C.C. Baxter is an insurance office busy-body working in New York. He lives in an apartment on the Upper West Side of the city, which he allows 4 of his office managers to use for their affairs. C.C. hopes to influence their favor to climb the corporate ladder, but though the managers mildy recommend him, they don’t respect him and they make it very clear that their kindness towards him starts and stops with his apartment. When Jeff Sheldrake, the director in charge of promotions, gets wind of C.C.’s scheme, he insists on using the apartment as well. Little does C.C. know that Sheldrake is using his apartment to get back in the good graces of Ms. Kubelik, a elevator operator for whom C.C. is falling for; little does Fran know that Sheldrake promises to divorce his wife and change for the better are hollow and false.
Though “The Apartment” contains its fair share of melancholic moments, it’s mostly a dark comedy, filled with jokes about cheating and suicide. But even at the film’s funniest, screenwriters I.A.L. Diamond and Wilder never shy away from the gross realities of human nature, such as the awful feeling of being rejected by someone you love, or the belief that death is the only way out of an emotional hardship. Most importantly, “The Apartment” perfectly captures the casual dehumanization of modern corporate culture.
But Sheldrake and Kubelik are the two main love interests of the film, even when they’re making life difficult for themselves. They’re both clearly stuck in a rut, hoping that easy fixes and shortcuts will help dig them out of their own holes, but knowing it won’t be enough. It’s why scenes like Fran’s suicide attempt or C.C. and Fran beginning their rummy game still contains quite a bit of distress. It knows that there are no guarantees in life, but the least you can do is put your head down and work through the tough times in life.

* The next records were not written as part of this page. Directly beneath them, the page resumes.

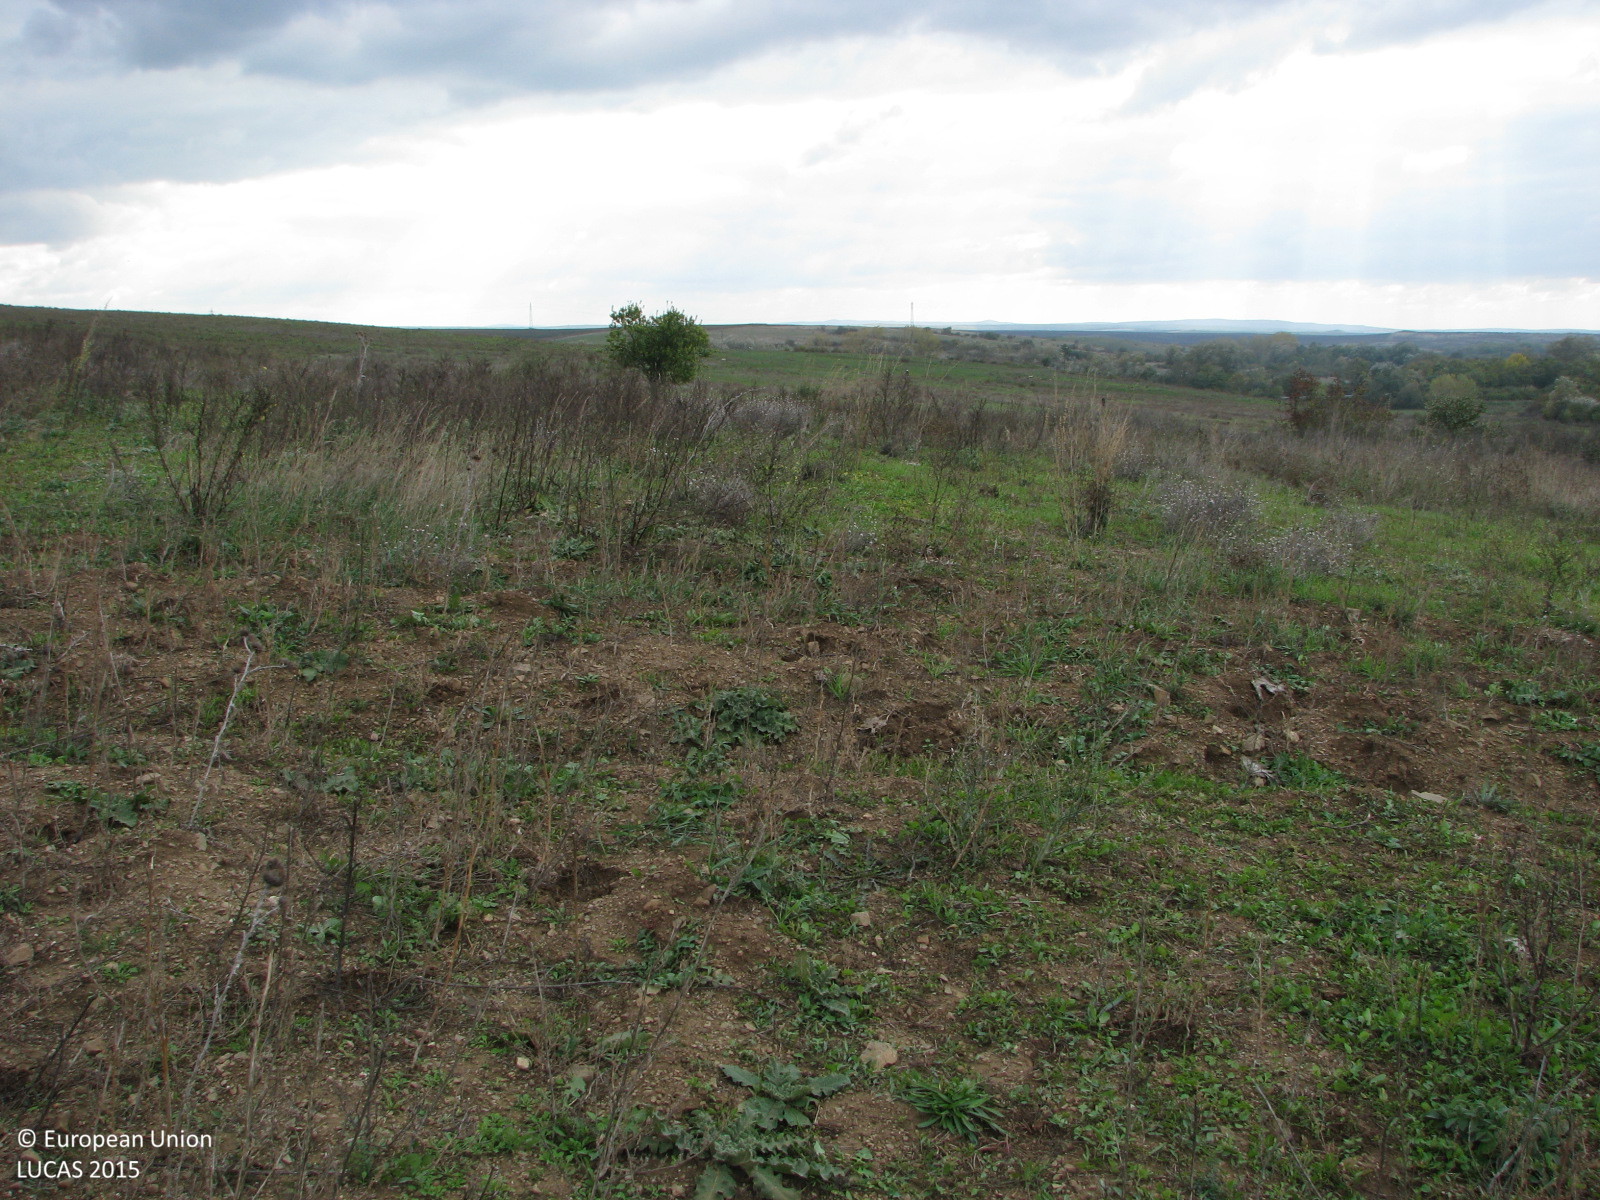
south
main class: Grassland
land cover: Spontaneously vegetated surfaces
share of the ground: 50 - 75 %
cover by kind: herbaceous plants 60 %, unconsolidated bare surface 40 %
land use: Fallow land
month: October
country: BG
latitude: 42.2089
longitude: 26.7243
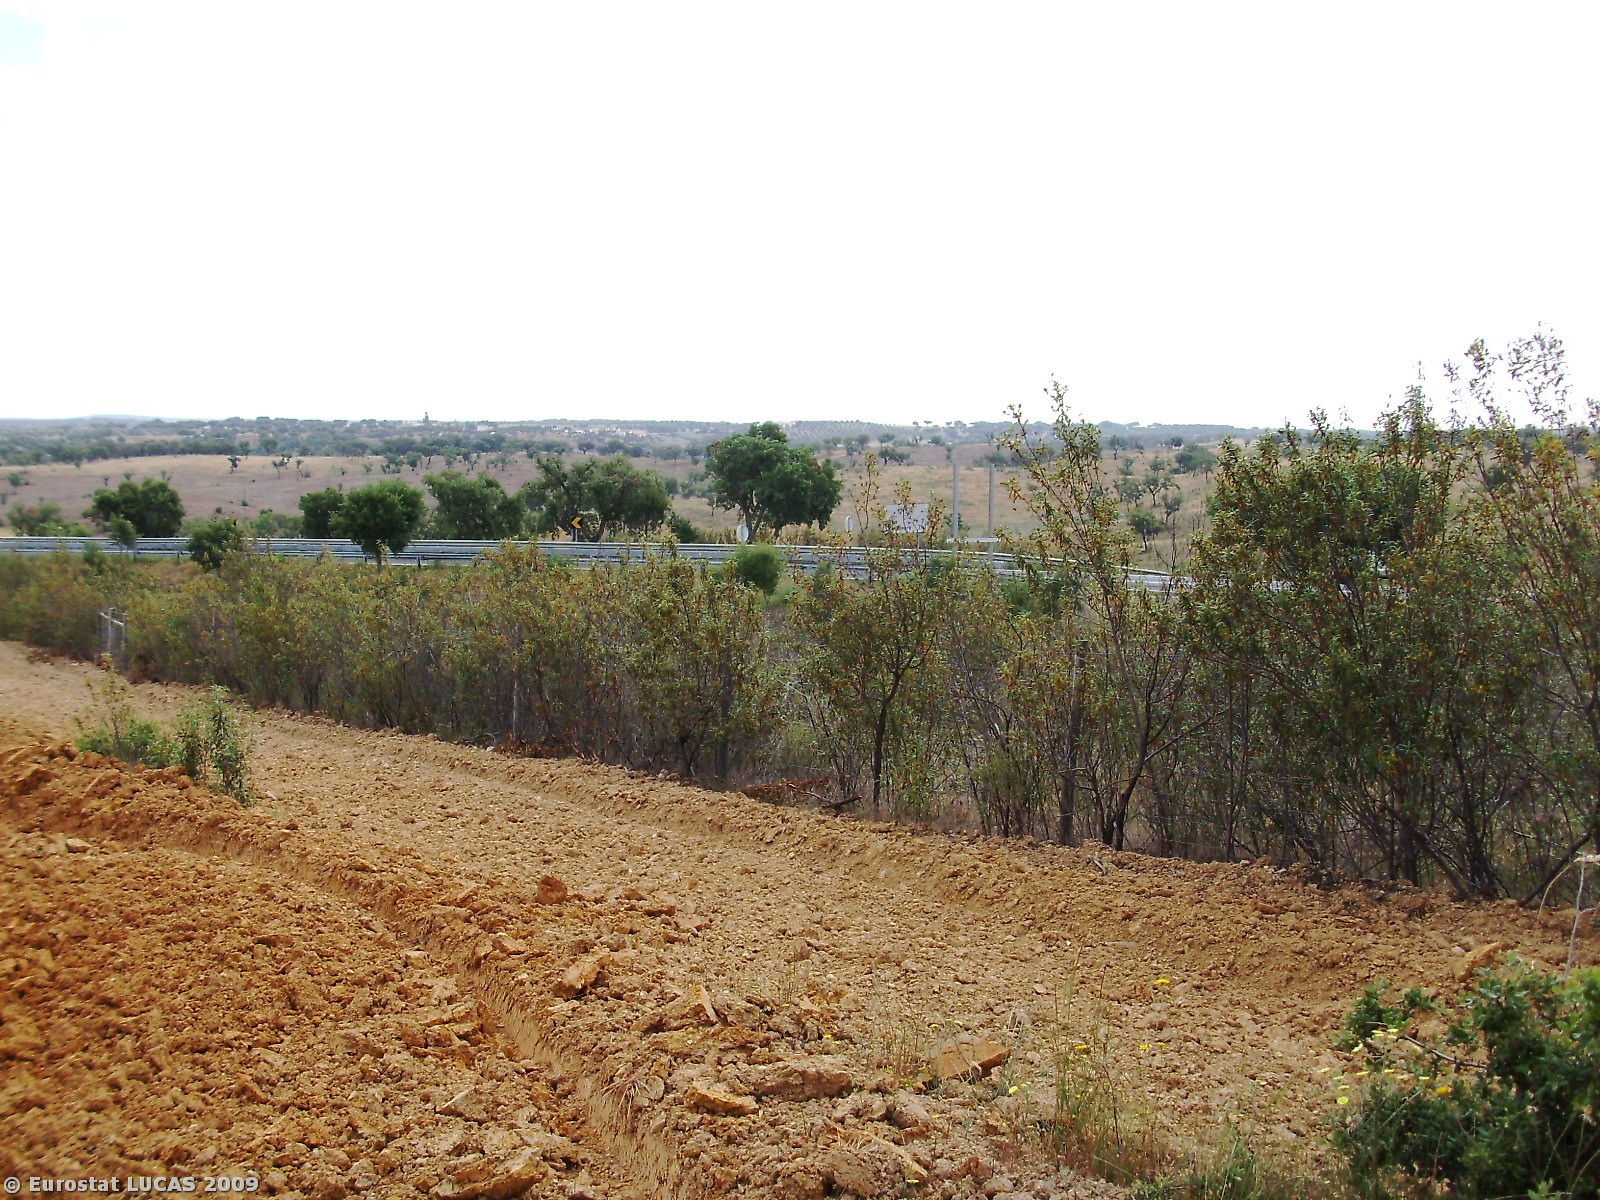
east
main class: Woodland
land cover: Broadleaved woodland
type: broadleaved evergreen forest
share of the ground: 50 - 75 %
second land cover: Spontaneously vegetated surfaces
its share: 25 - 50 %
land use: Forestry
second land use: Fallow land
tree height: > 5 m
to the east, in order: Broadleaved woodland; Spontaneously vegetated surfaces; Fences; Shrubland with sparse tree cover; Paved roads, cycling and walking lanes; Fences; Broadleaved woodland
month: May
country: PT
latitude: 39.0058
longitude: -7.9357

The story takes place during the holidays, when the city is at its most joyous. Yet this is a brutal time if you have no loved one or family to spend it with. Thus, the melancholy of the season for the lonely, and the city’s cold and wet streets, this can be seen as Baxter aimlessly walks through the night. Add to that Wilder’s impeccable framing, focusing on the characters emotional isolation. Baxter’s dream is a high seated job, so he perhaps one day can take care of a family of his own just like Mr. Sheldrake. Fran, on the other hand, is seeking security in the form of marriage, however she is digging herself into a rut in believing that Sheldrake would indeed leave his current spouse as he often tells her in an attempt to console her. You might not think a movie about a man who lends his apartment to the married coworkers of his office as a place for their secret affairs would make a particularly enjoyable or morally presentable show, especially when the C.C. uses this to advance his career. But under Wilder’s expert script writing, producing and directing of “The Apartment” these themes run together into a very cynical, yet even sentimental film.